CLINICAL PHARMACOLOGY:
Mephentermine sulfate is a sympathomimetic amine that acts indirectly by releasing norepinephrine. Cardiac contraction is enhanced, and cardiac output and systolic and diastolic pressures are usually increased. The pressor response also involves peripheral vasoconstriction. The change in heart rate is variable, depending on the degree of vagal tone; large doses can depress the heart. In some cases the net vascular effect may be vasodilation, which appears not to involve beta-adrenergic receptors. Coronary blood flow is increased, forearm blood flow is reduced, and venous tone is increased. Marked mucosal vasoconstriction can be produced by local application of the drug. CNS effects may occur with large doses of mephentermine. The main effect of therapeutic doses of mephentermine is cardiac stimulation.

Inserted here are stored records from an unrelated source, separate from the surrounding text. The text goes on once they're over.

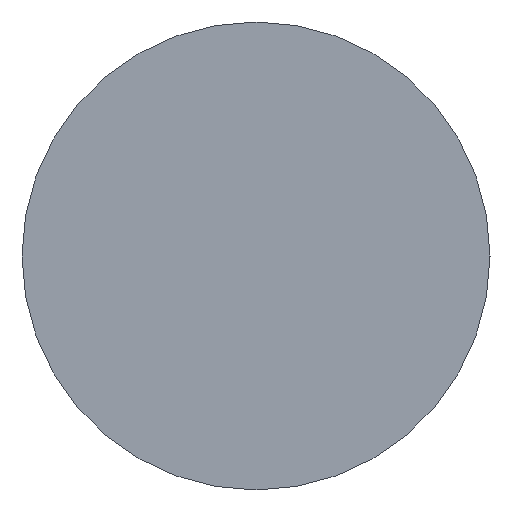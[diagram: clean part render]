
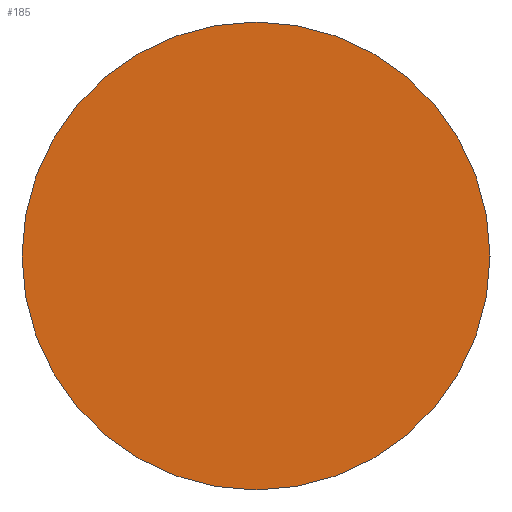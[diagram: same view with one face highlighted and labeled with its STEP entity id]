
A CAD part, left-side view. The second image highlights one B-rep face of the part: STEP entity #185.
In plain terms, the highlighted planar face has unit normal (-1, 0, 0).
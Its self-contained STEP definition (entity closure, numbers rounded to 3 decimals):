
#2 = DIRECTION ( 'NONE',  ( 0., 0., 1. ) ) ;
#6 = DIRECTION ( 'NONE',  ( 0., 0., -1. ) ) ;
#15 = ORIENTED_EDGE ( 'NONE', *, *, #47, .T. ) ;
#20 = CARTESIAN_POINT ( 'NONE',  ( 510.993, 162.592, 0. ) ) ;
#24 = AXIS2_PLACEMENT_3D ( 'NONE', #55, #76, #6 ) ;
#27 = CARTESIAN_POINT ( 'NONE',  ( 510.993, 162.592, 3.15 ) ) ;
#34 = CARTESIAN_POINT ( 'NONE',  ( 510.993, 162.592, 0. ) ) ;
#46 = DIRECTION ( 'NONE',  ( -1., 0., 0. ) ) ;
#47 = EDGE_CURVE ( 'NONE', #62, #146, #75, .T. ) ;
#51 = EDGE_CURVE ( 'NONE', #146, #62, #176, .T. ) ;
#55 = CARTESIAN_POINT ( 'NONE',  ( 510.993, 162.592, 0. ) ) ;
#62 = VERTEX_POINT ( 'NONE', #27 ) ;
#70 = DIRECTION ( 'NONE',  ( 0., 0., 1. ) ) ;
#75 = CIRCLE ( 'NONE', #109, 3.15 ) ;
#76 = DIRECTION ( 'NONE',  ( 1., 0., 0. ) ) ;
#109 = AXIS2_PLACEMENT_3D ( 'NONE', #20, #46, #2 ) ;
#123 = EDGE_LOOP ( 'NONE', ( #15, #167 ) ) ;
#129 = CARTESIAN_POINT ( 'NONE',  ( 510.993, 162.592, -3.15 ) ) ;
#146 = VERTEX_POINT ( 'NONE', #129 ) ;
#167 = ORIENTED_EDGE ( 'NONE', *, *, #51, .T. ) ;
#176 = CIRCLE ( 'NONE', #184, 3.15 ) ;
#178 = DIRECTION ( 'NONE',  ( -1., 0., 0. ) ) ;
#180 = PLANE ( 'NONE',  #24 ) ;
#183 = FACE_OUTER_BOUND ( 'NONE', #123, .T. ) ;
#184 = AXIS2_PLACEMENT_3D ( 'NONE', #34, #178, #70 ) ;
#185 = ADVANCED_FACE ( 'NONE', ( #183 ), #180, .F. ) ;
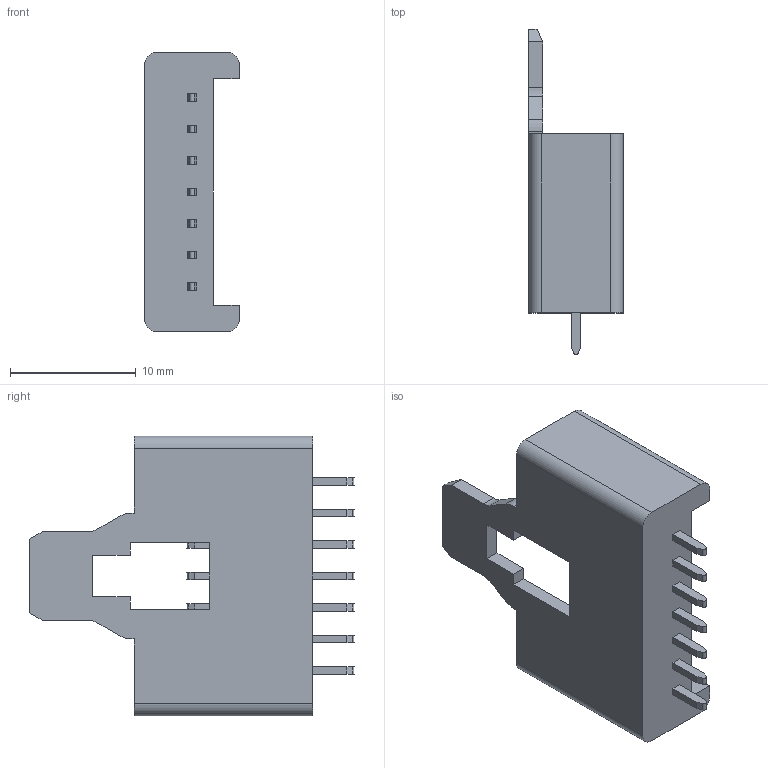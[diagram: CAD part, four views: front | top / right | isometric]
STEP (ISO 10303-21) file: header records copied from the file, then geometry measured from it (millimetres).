
FILE_DESCRIPTION(('OneSpaceDesigner STEP Export'),'2;1');
FILE_NAME('2,5_MSF_07.stp','2005-12-05T12:34:58',('oleg_svencickij'),('LumbergConnect_GmbH'),'OneSpace Designer STEP processor for AP214 (Solid Model)','OneSpace Designer 13.20 11-May-2005 (C) CoCreate Software GmbH','');
FILE_SCHEMA(('AUTOMOTIVE_DESIGN { 1 0 10303 214 1 1 1 1 }'));
Length unit declared in the file: millimetre
Products named in the file (2): 2.5_MSF_07
Assembly tree (1 placements, depth 2):
  2.5_MSF_07
    2.5_MSF_07
Bounding box: 7.5 x 25.8 x 22.2 mm (x, y, z)
Volume: 828.3 mm3; surface area: 1554.5 mm2
Topology: 1 solids, 1 shells, 198 faces, 538 edges, 356 vertices
Faces by surface type: plane 160, cylinder 38
Entity records: 7285 total; most frequent: ORIENTED_EDGE 1076, CARTESIAN_POINT 1069, DIRECTION 975, EDGE_CURVE 538, VECTOR 451, LINE 451, VERTEX_POINT 356, AXIS2_PLACEMENT_3D 262
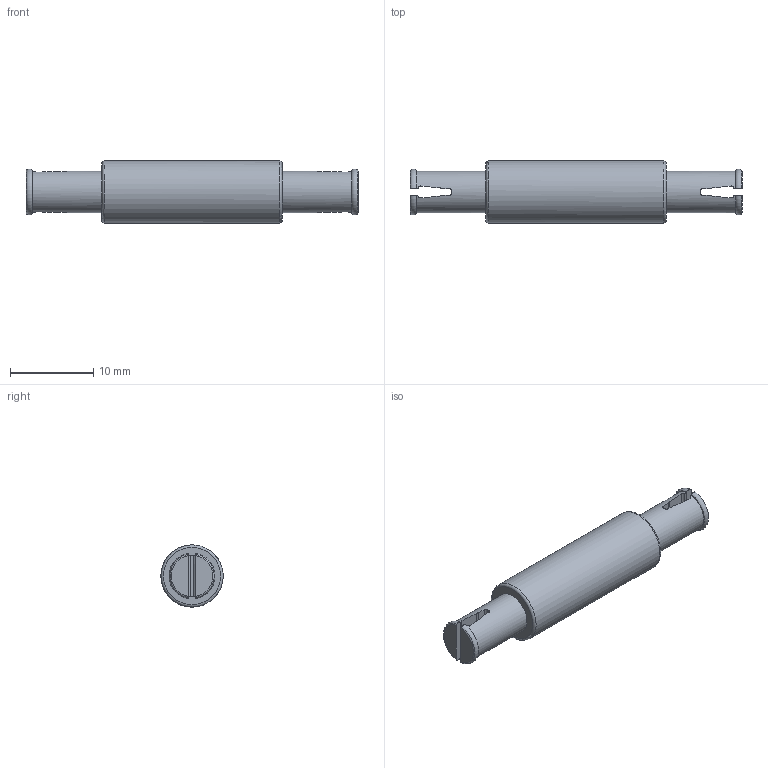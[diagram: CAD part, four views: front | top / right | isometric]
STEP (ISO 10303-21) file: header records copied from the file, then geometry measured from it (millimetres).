
FILE_DESCRIPTION(/* description */ (''),/* implementation_level */ '2;1');
FILE_NAME(/* name */ 'RB2.stp',/* time_stamp */ '2019-02-12T17:46:18+01:00',/* author */ ('Varga Daniel'),/* organization */ (''),/* preprocessor_version */ 'ST-DEVELOPER v17.2',/* originating_system */ 'Autodesk Inventor 2019',/* authorisation */ '');
FILE_SCHEMA (('AUTOMOTIVE_DESIGN { 1 0 10303 214 3 1 1 }'));
Length unit declared in the file: millimetre
Products named in the file (1): RB2
Bounding box: 40 x 7.5 x 7.5 mm (x, y, z)
Volume: 1271.2 mm3; surface area: 971.5 mm2
Topology: 1 solids, 1 shells, 53 faces, 153 edges, 104 vertices
Faces by surface type: plane 24, cylinder 19, torus 10
Full cylindrical faces by diameter (mm): 5 x2, 7.5 x1
Entity records: 2196 total; most frequent: CARTESIAN_POINT 739, ORIENTED_EDGE 306, DIRECTION 259, EDGE_CURVE 153, VERTEX_POINT 104, AXIS2_PLACEMENT_3D 100, LINE 59, VECTOR 59

Mephentermine is metabolized in the liver by N-demethylation to normephentermine (or phentermine) with subsequent p-hydroxylation to p-hydroxynormephentermine (or p-hydroxyphentermine). The excretion rate of the drug and its metabolites is more rapid in an acidic urine and is only slightly influenced by urine output.
The half-life in humans is reported to be between 17 and 18 hours.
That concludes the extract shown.